En deuxième lieu, l’expérience des Frères au pouvoir a montré qu’ils manquaient de vision et de programme pour faire face aux graves problèmes politiques, économiques et sociaux de l’Egypte. Le slogan constamment scandé par la confrérie, « l’islam est la solution », s’est avéré creux. Il servait bien ses ambitions et sa stratégie lorsqu’elle était dans l’opposition. Mais une fois au pouvoir, il était incapable d’offrir des solutions aux problèmes du pays. Autrement dit, l’islam est une religion qui peut montrer le chemin dans certains domaines bien déterminés. Mais il n’est pas une idéologie politique à même de gérer l’ensemble de la société et de l’Etat et de proposer des solutions pratiques et contemporaines à leurs problèmes en perpétuel changement.

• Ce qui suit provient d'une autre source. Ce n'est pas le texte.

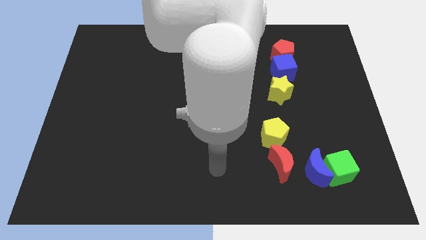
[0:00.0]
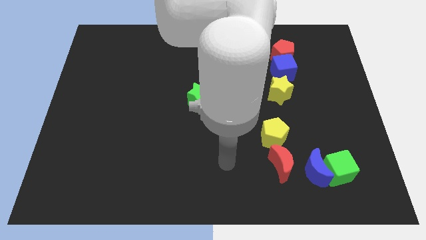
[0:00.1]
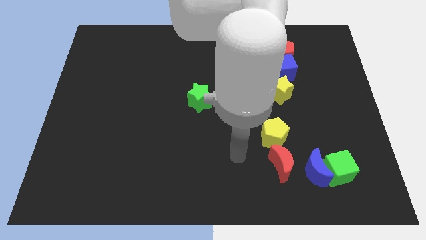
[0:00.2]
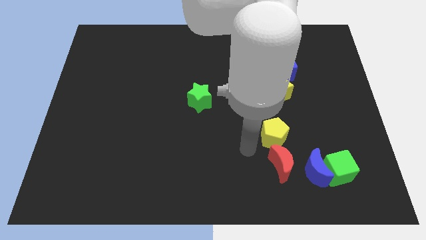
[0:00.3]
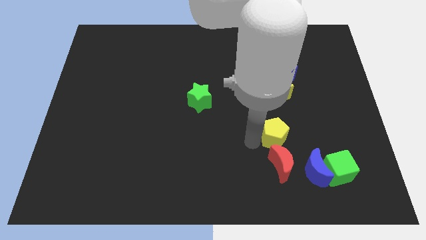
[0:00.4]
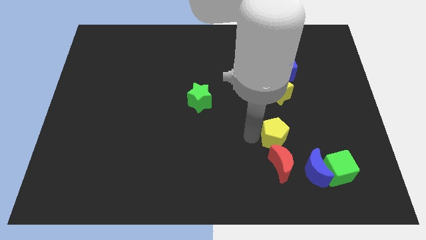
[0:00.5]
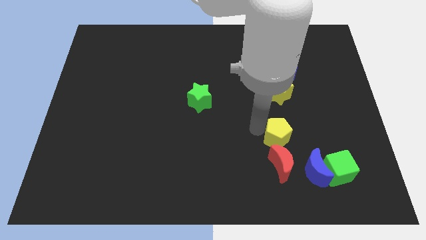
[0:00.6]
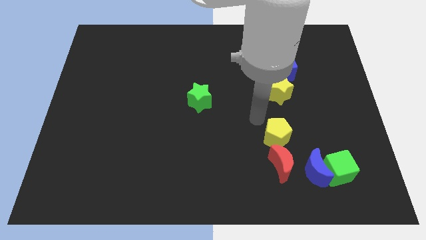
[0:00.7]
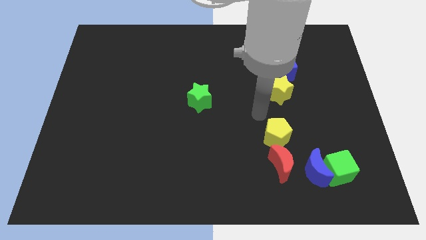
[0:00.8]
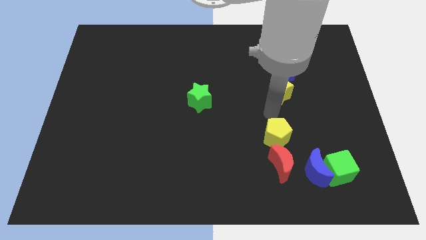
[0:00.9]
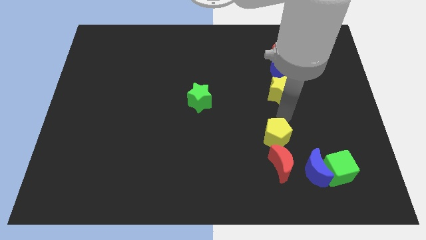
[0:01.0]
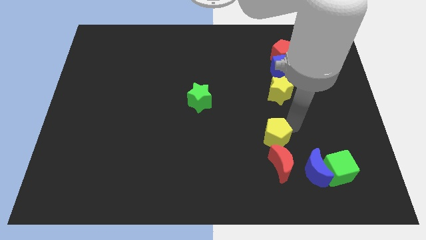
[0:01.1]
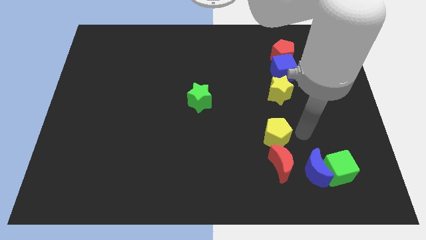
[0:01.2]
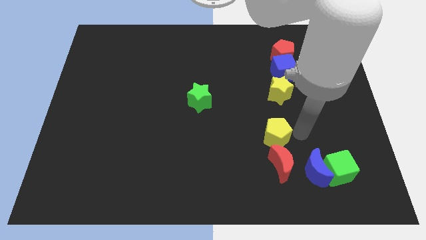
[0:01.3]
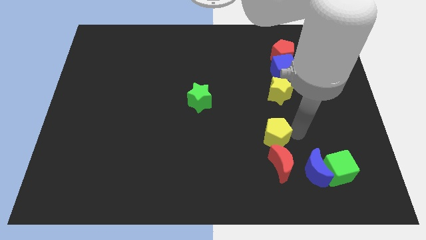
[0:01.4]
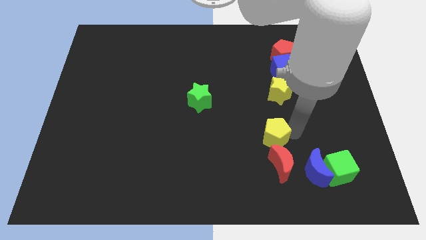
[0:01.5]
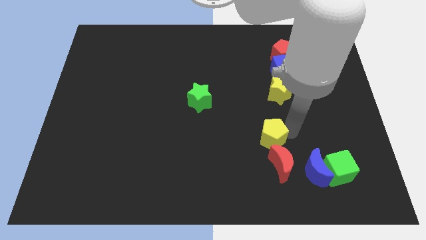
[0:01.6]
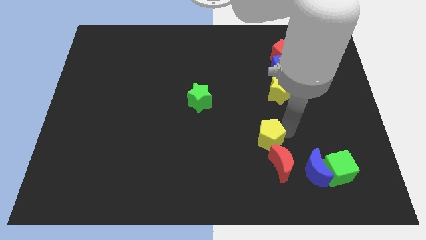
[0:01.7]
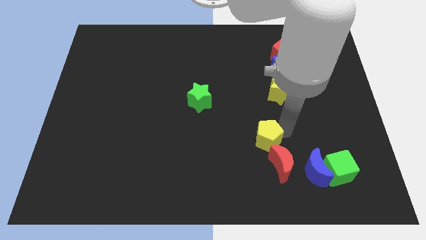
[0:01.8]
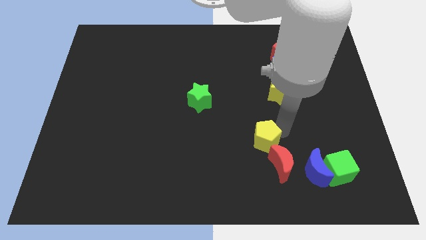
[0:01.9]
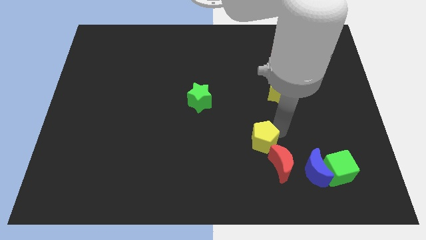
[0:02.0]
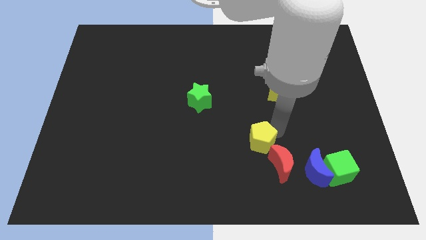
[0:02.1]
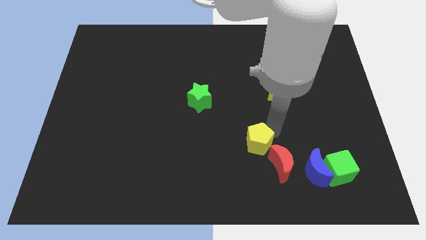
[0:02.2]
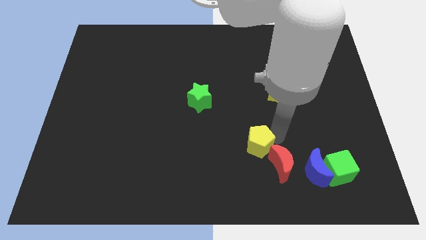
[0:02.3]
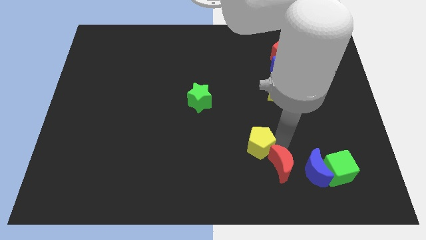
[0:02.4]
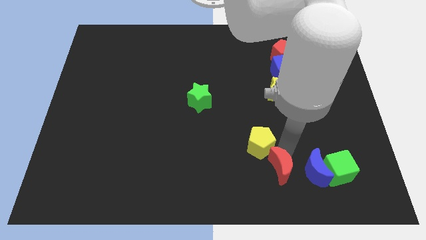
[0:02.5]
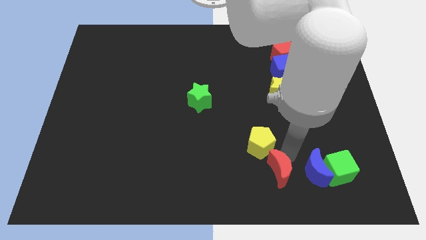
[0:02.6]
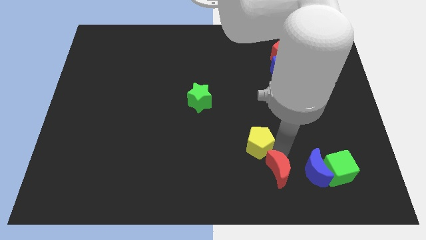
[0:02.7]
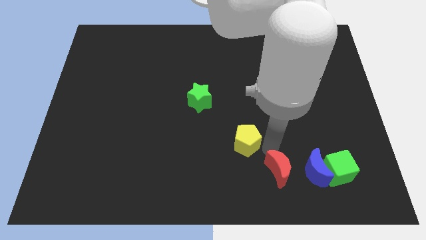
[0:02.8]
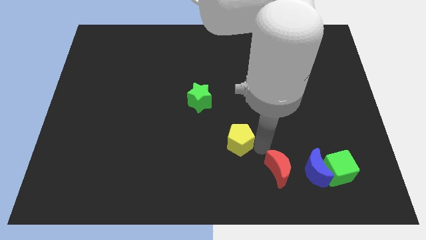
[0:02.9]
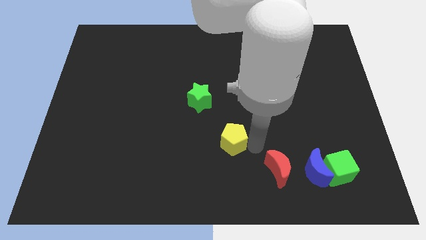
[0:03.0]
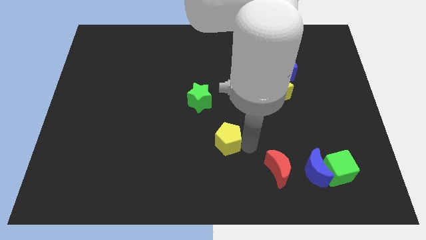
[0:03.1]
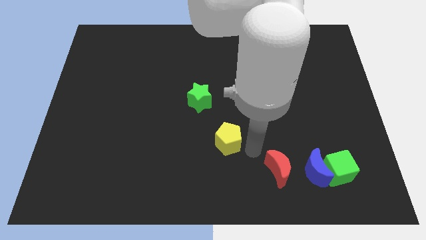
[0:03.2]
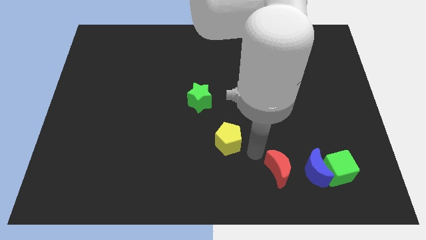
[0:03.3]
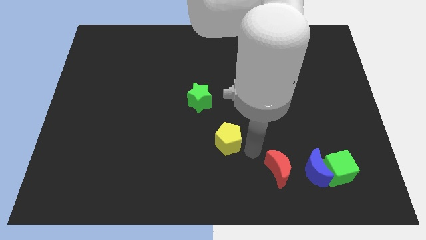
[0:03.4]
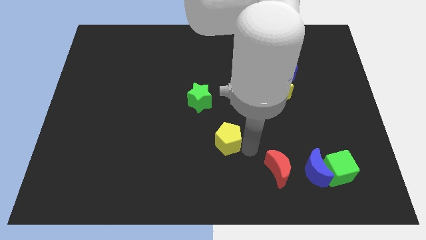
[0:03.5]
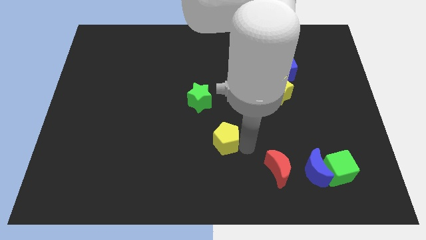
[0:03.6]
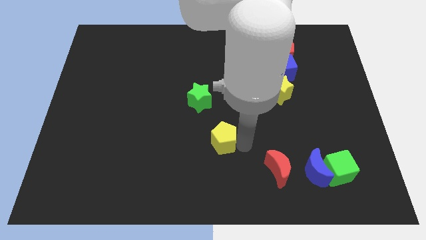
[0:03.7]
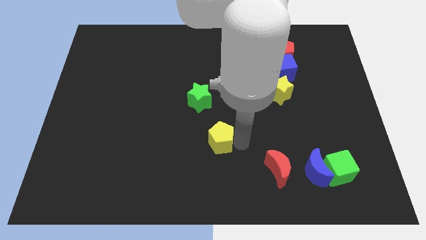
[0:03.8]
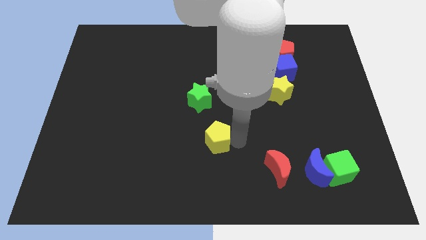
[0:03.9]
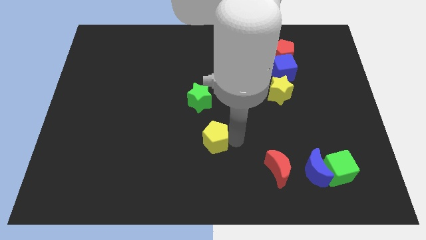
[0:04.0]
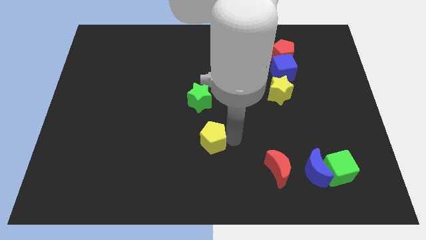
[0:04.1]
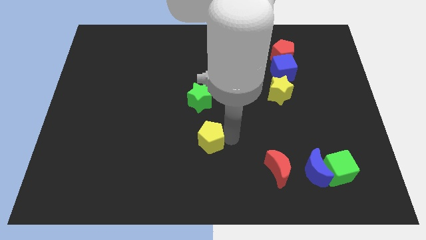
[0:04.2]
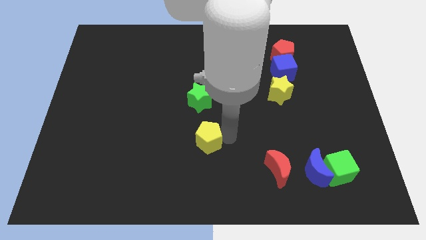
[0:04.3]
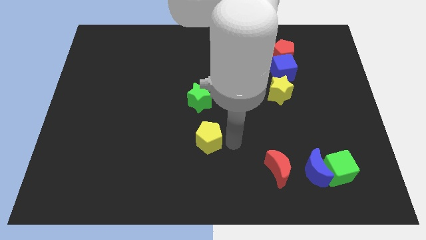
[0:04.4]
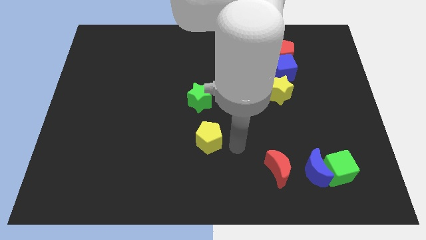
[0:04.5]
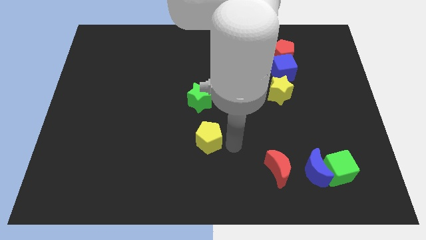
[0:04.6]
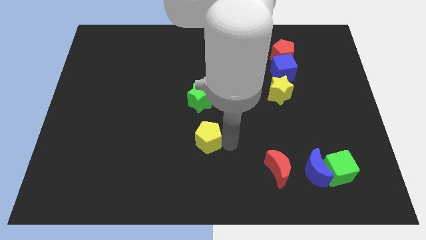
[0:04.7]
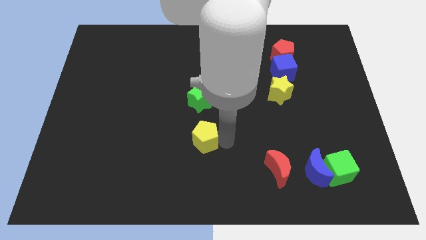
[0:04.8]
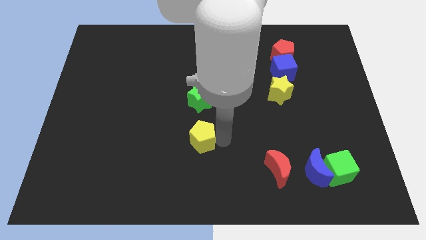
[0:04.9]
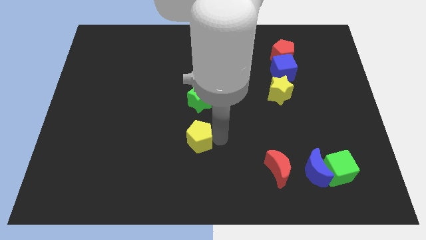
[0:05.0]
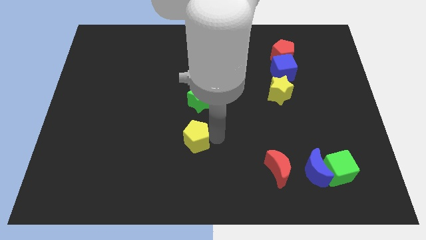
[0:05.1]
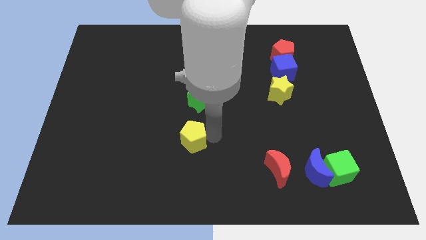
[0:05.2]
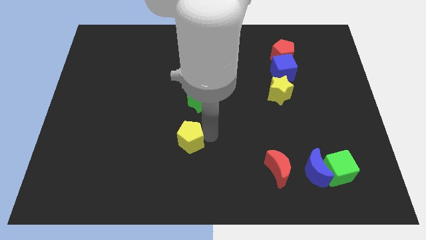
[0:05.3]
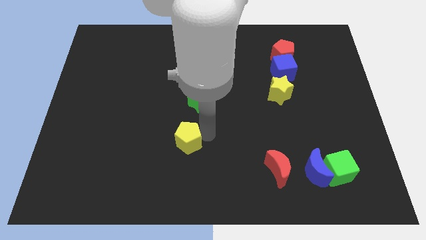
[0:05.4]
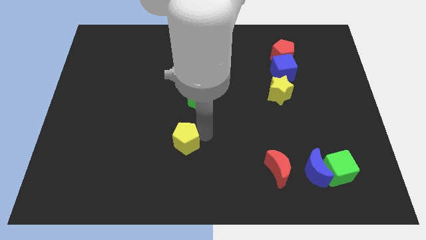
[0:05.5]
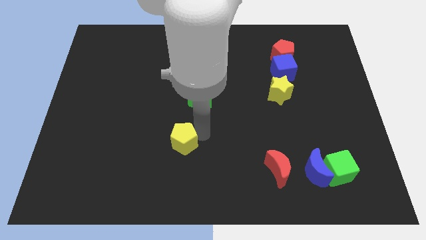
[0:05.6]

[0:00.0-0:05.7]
move the yellow pentagon to the left

Enfin, les tentatives des Frères musulmans d’imposer leur propre vision de l’islam et des valeurs islamiques ont échoué. Car elles étaient des tentatives d’imposer une nouvelle vision hégémonique sur la société, un régime totalitaire aux couleurs religieux. C’était méconnaître que l’une des raisons principales du soulèvement populaire contre le régime autoritaire de Moubarak était d’instaurer un système politique ouvert et démocratique, où les citoyens pourraient exercer librement leurs droits fondamentaux. Or, les Frères musulmans ont montré par leur action à la tête de l’Etat qu’ils cherchaient à établir, ou plutôt à maintenir, un régime autoritaire et rigide, au nom de la religion cette fois-ci.